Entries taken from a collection
= Beginning of Section =

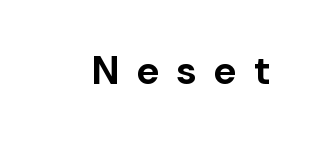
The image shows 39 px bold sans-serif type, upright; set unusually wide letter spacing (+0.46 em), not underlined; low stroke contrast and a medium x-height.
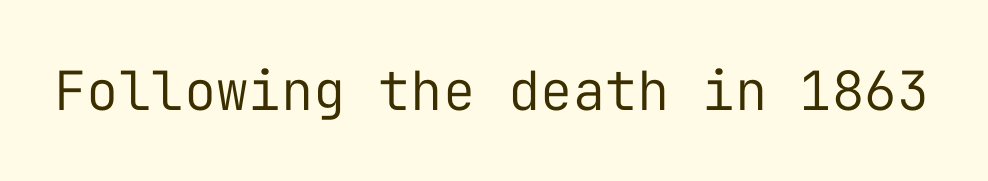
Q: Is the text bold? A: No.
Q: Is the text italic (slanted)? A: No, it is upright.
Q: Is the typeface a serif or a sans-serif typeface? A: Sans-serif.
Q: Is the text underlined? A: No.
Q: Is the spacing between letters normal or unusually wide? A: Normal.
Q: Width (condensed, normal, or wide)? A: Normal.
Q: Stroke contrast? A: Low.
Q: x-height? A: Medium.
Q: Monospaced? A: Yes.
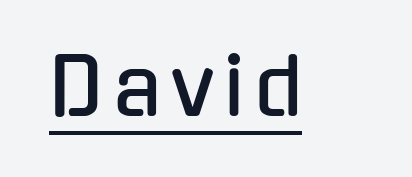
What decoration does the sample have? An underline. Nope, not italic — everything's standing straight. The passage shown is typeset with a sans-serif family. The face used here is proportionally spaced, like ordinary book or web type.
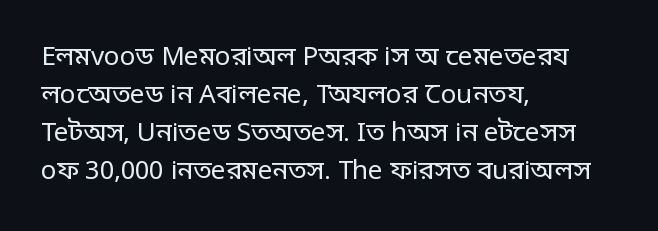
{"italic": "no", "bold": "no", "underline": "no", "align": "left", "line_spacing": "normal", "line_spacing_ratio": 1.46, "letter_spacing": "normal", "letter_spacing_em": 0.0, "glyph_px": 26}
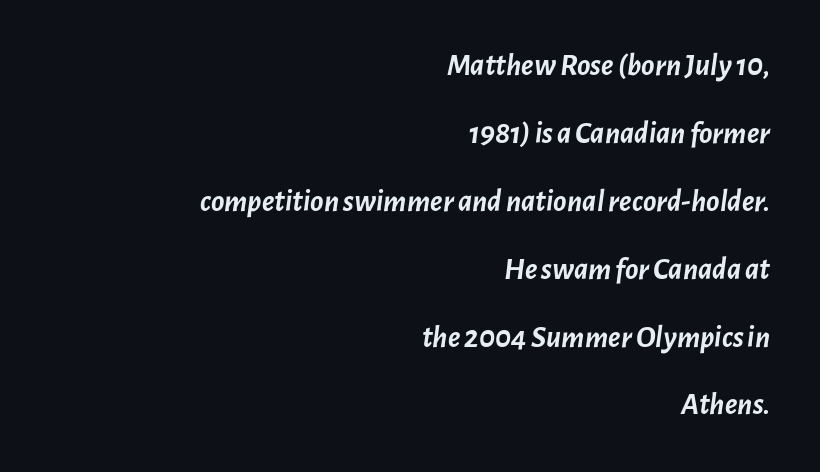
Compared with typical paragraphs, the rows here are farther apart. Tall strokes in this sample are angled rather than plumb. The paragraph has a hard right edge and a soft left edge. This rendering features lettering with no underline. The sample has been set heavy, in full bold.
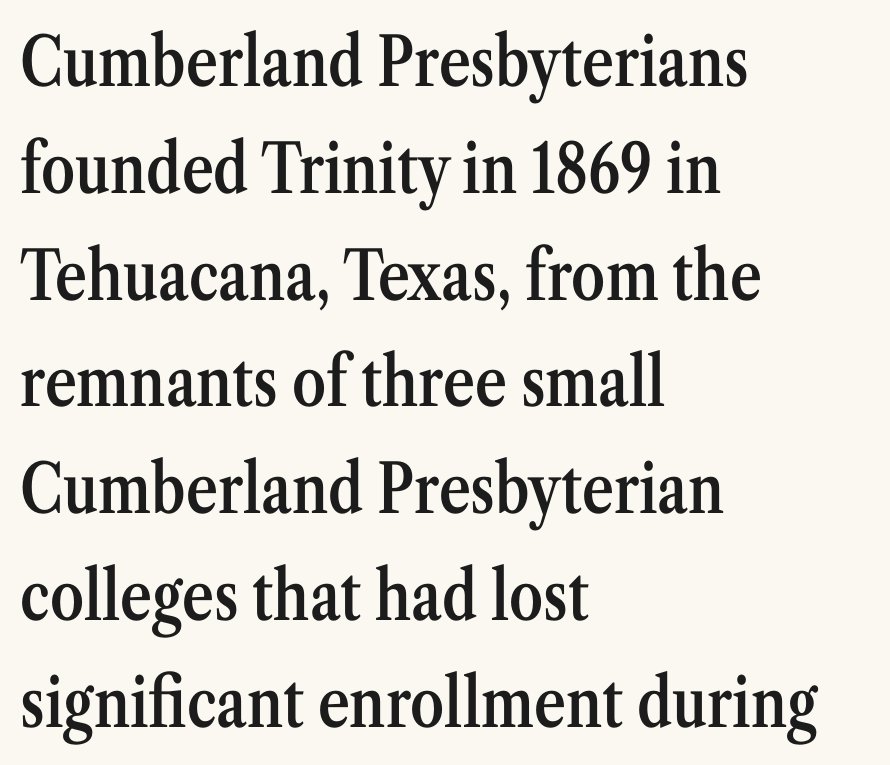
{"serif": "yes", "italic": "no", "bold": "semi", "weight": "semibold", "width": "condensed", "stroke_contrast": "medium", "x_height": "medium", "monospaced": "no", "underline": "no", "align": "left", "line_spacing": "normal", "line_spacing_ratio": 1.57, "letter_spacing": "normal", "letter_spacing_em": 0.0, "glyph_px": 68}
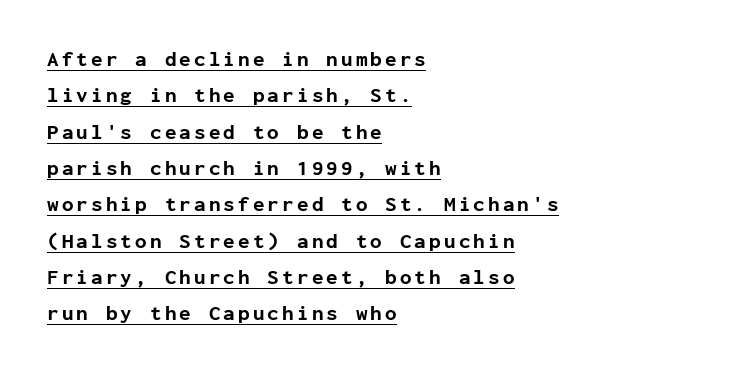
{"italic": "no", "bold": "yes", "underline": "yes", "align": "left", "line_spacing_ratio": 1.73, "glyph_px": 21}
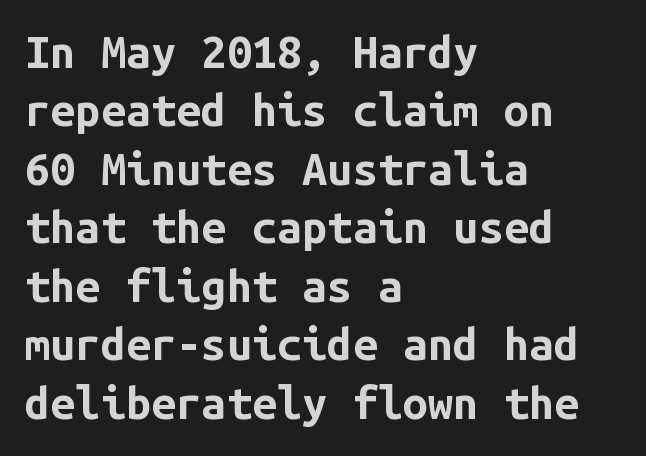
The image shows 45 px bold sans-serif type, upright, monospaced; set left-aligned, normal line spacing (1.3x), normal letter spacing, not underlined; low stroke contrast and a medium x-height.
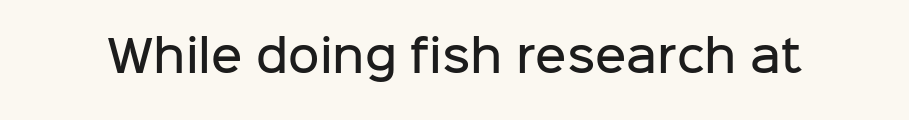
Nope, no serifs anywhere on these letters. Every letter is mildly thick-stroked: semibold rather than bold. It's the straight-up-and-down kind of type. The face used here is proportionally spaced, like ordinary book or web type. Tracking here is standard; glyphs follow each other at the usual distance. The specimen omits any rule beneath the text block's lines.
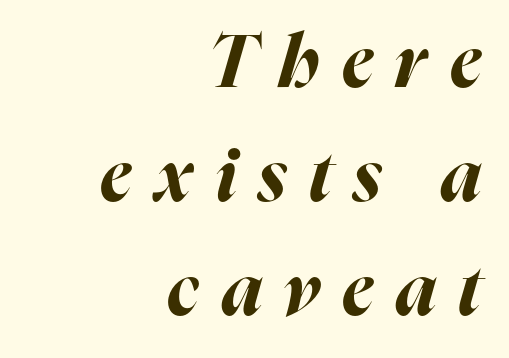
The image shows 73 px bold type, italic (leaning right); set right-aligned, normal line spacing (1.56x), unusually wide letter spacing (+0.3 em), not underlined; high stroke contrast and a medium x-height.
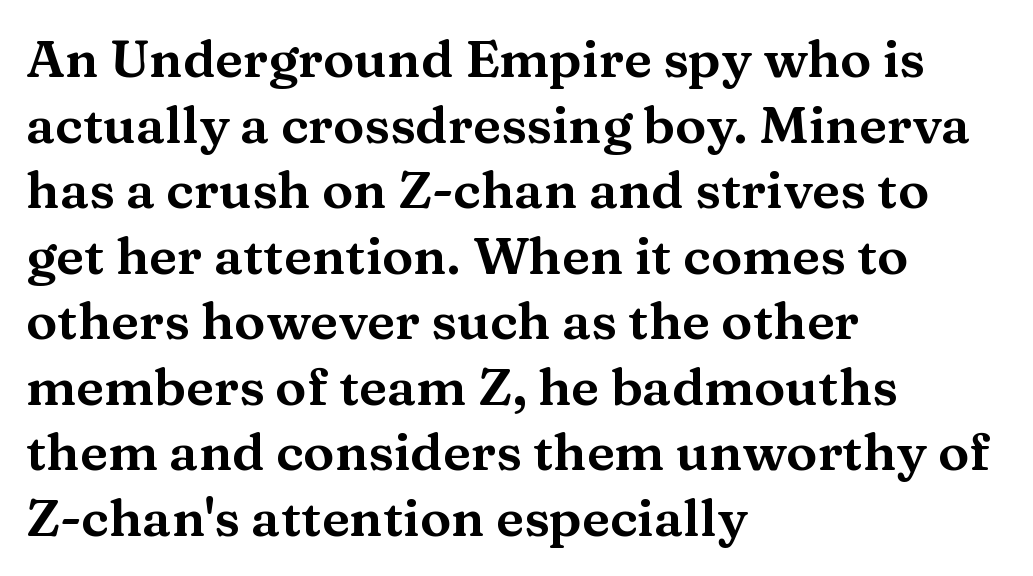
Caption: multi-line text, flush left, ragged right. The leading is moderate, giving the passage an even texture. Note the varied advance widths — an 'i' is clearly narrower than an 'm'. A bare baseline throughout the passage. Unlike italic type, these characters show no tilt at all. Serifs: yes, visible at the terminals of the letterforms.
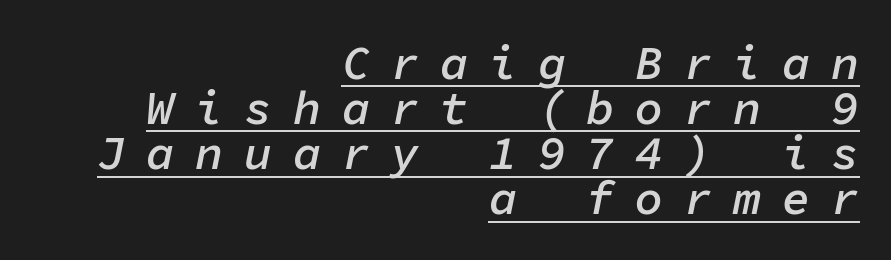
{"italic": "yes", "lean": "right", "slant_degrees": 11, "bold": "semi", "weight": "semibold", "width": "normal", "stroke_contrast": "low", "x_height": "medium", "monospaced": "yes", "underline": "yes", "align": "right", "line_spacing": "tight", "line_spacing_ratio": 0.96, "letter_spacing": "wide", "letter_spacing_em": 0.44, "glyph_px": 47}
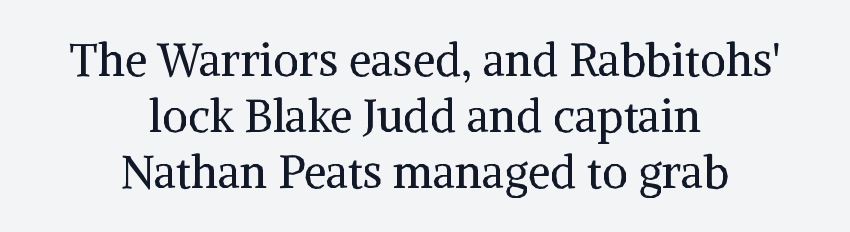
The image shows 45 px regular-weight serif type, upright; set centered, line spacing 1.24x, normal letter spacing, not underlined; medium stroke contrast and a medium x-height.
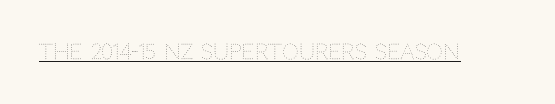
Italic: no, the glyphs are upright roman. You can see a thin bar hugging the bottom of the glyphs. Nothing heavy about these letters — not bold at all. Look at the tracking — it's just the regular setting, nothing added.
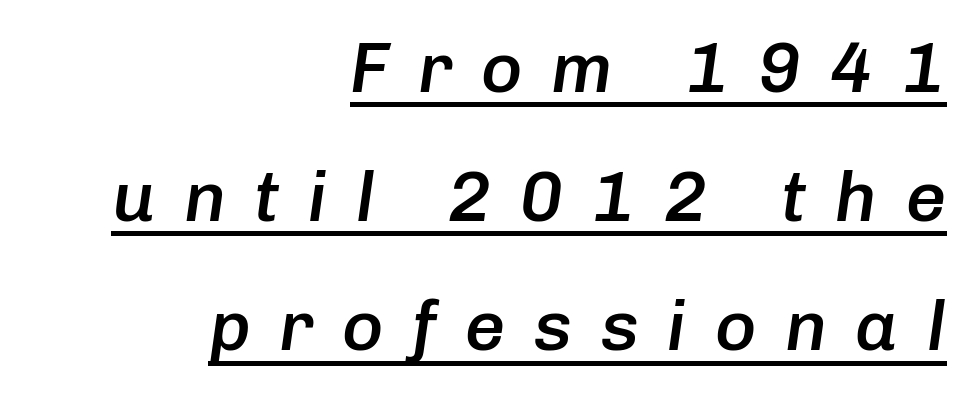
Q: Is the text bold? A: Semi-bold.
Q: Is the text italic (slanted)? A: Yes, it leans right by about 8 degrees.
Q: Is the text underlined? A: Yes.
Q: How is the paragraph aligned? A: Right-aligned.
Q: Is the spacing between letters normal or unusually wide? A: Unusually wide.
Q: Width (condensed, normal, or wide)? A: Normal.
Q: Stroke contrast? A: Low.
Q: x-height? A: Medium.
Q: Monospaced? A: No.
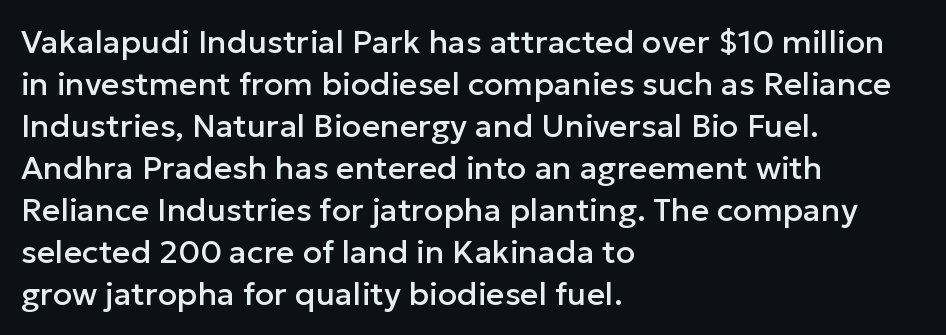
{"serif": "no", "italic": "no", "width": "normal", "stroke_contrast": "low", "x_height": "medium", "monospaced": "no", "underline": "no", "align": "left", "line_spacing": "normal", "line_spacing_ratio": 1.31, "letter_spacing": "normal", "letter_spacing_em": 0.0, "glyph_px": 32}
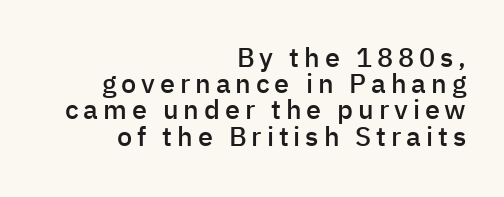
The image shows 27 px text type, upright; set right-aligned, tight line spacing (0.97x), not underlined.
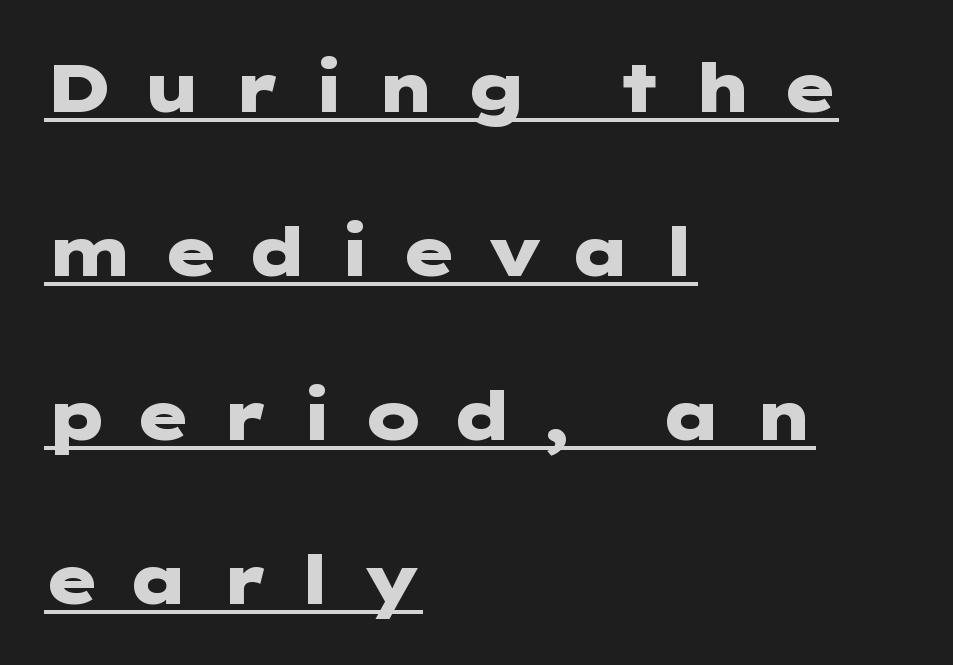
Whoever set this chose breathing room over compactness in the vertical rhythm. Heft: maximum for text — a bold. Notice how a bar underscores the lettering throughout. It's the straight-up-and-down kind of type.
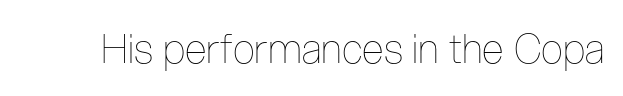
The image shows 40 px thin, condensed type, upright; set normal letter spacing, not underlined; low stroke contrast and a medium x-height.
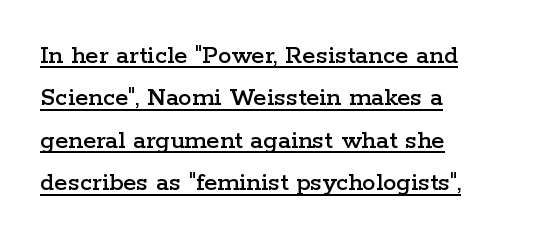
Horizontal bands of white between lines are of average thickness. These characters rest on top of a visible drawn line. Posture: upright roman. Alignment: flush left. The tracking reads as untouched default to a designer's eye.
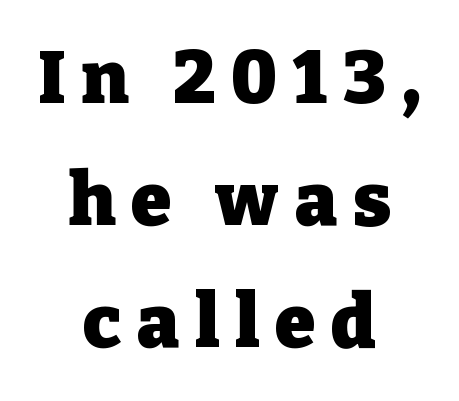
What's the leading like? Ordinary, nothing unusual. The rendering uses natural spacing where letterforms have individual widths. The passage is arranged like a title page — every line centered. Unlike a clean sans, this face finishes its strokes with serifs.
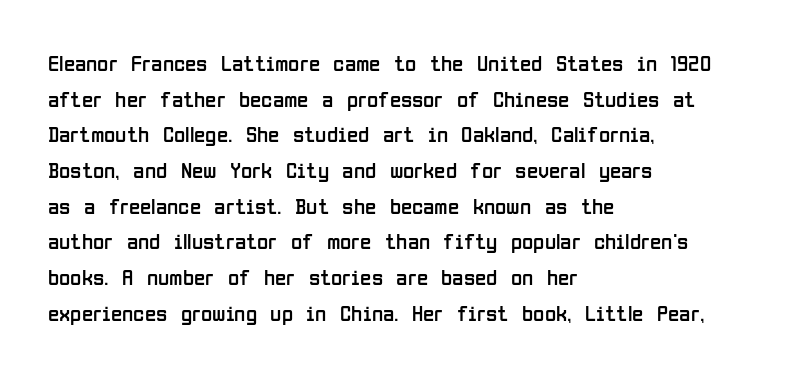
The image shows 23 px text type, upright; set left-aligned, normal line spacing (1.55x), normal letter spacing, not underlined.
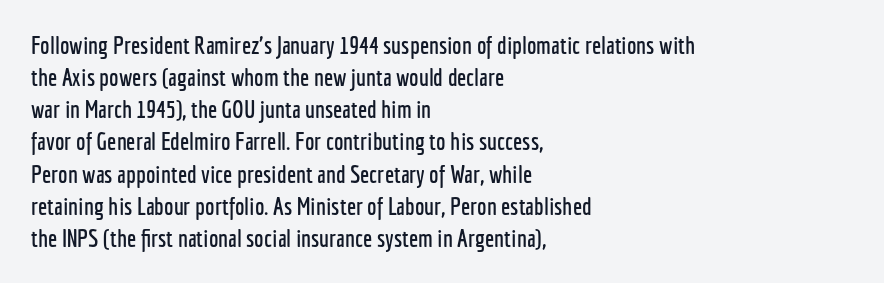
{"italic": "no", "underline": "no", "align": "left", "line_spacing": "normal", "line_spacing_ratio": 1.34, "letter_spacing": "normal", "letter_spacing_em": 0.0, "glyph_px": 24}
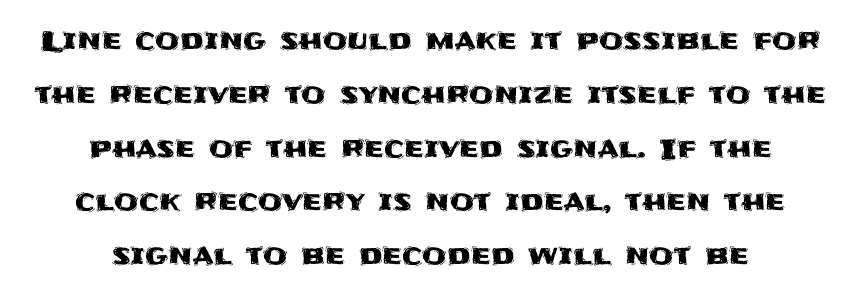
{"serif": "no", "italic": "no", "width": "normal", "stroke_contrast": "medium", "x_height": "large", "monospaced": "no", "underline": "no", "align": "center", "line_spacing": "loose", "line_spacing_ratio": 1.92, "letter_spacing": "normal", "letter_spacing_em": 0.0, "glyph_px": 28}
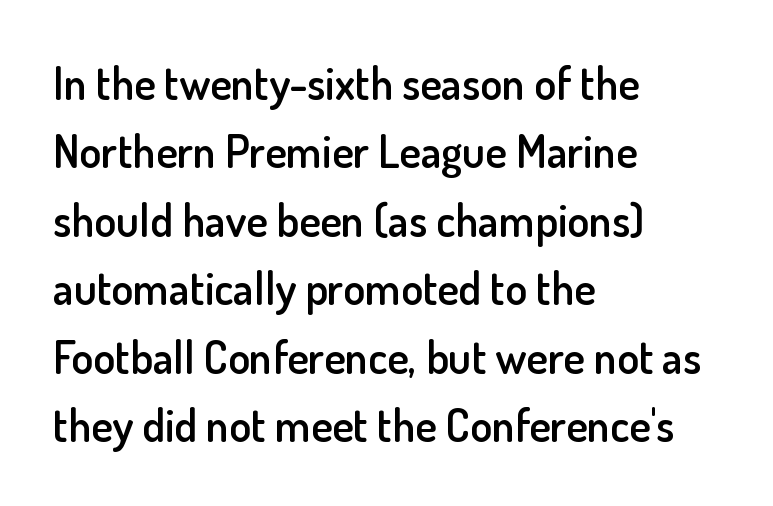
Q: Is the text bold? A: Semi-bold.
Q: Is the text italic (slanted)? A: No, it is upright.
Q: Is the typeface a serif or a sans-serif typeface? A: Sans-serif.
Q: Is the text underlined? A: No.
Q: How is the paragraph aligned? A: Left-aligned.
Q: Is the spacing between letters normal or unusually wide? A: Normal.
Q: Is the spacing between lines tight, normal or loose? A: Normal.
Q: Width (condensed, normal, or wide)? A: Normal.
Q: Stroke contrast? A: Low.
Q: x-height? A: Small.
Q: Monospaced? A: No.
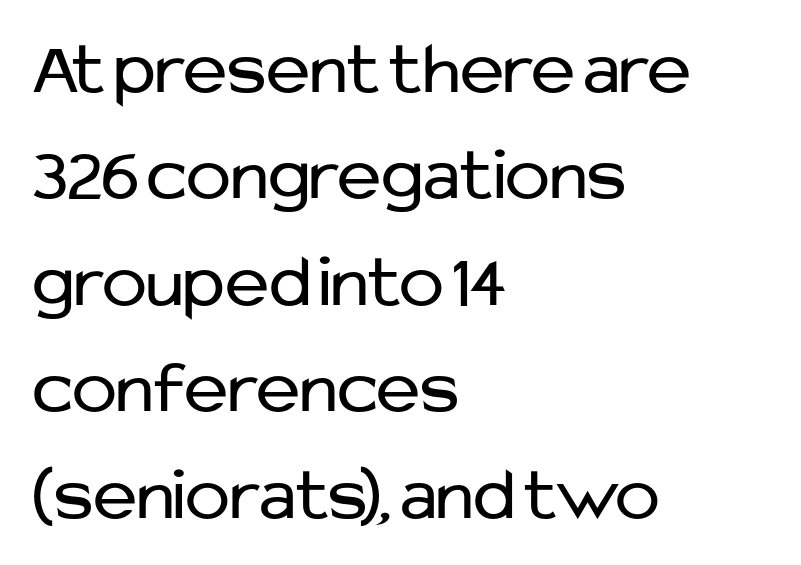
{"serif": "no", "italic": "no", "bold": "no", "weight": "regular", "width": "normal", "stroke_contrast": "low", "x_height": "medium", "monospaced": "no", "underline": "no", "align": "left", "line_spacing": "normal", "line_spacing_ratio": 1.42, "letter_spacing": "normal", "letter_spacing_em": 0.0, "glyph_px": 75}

= End of Section =

**What is being asked**
Your task is to copy each line of the entries that includes the word "kind".

**Response area**
Nope, no serifs anywhere on these letters. Every letter is mildly thick-stroked: semibold rather than bold. It's the straight-up-and-down kind of type. The face used here is proportionally spaced, like ordinary book or web type. Tracking here is standard; glyphs follow each other at the usual distance. The specimen omits any rule beneath the text block's lines.
Whoever set this chose breathing room over compactness in the vertical rhythm. Heft: maximum for text — a bold. Notice how a bar underscores the lettering throughout. It's the straight-up-and-down kind of type.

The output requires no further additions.